Work to be completed :: Would you please return all of the entries below exactly as shown?

Working data ::
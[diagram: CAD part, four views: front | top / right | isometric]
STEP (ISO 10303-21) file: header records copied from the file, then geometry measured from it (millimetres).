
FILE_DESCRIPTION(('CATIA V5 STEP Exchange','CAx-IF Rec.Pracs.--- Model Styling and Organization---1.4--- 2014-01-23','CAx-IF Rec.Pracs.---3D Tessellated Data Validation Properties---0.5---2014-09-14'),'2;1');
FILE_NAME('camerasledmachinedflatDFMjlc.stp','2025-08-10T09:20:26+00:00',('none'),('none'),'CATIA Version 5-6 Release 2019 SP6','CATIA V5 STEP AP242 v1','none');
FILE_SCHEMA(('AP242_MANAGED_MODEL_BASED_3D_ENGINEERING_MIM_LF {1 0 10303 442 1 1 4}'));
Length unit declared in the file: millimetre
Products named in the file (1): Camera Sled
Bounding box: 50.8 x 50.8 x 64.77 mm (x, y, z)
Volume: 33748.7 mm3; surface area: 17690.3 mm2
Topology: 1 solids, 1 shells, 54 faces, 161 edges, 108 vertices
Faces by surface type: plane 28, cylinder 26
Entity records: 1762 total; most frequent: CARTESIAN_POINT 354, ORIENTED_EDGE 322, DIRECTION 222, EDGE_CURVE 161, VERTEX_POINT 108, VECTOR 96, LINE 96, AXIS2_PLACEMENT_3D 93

Answer section ::
[diagram: CAD part, four views: front | top / right | isometric]
STEP (ISO 10303-21) file: header records copied from the file, then geometry measured from it (millimetres).
FILE_DESCRIPTION(('CATIA V5 STEP Exchange','CAx-IF Rec.Pracs.--- Model Styling and Organization---1.4--- 2014-01-23','CAx-IF Rec.Pracs.---3D Tessellated Data Validation Properties---0.5---2014-09-14'),'2;1');
FILE_NAME('camerasledmachinedflatDFMjlc.stp','2025-08-10T09:20:26+00:00',('none'),('none'),'CATIA Version 5-6 Release 2019 SP6','CATIA V5 STEP AP242 v1','none');
FILE_SCHEMA(('AP242_MANAGED_MODEL_BASED_3D_ENGINEERING_MIM_LF {1 0 10303 442 1 1 4}'));
Length unit declared in the file: millimetre
Products named in the file (1): Camera Sled
Bounding box: 50.8 x 50.8 x 64.77 mm (x, y, z)
Volume: 33748.7 mm3; surface area: 17690.3 mm2
Topology: 1 solids, 1 shells, 54 faces, 161 edges, 108 vertices
Faces by surface type: plane 28, cylinder 26
Entity records: 1762 total; most frequent: CARTESIAN_POINT 354, ORIENTED_EDGE 322, DIRECTION 222, EDGE_CURVE 161, VERTEX_POINT 108, VECTOR 96, LINE 96, AXIS2_PLACEMENT_3D 93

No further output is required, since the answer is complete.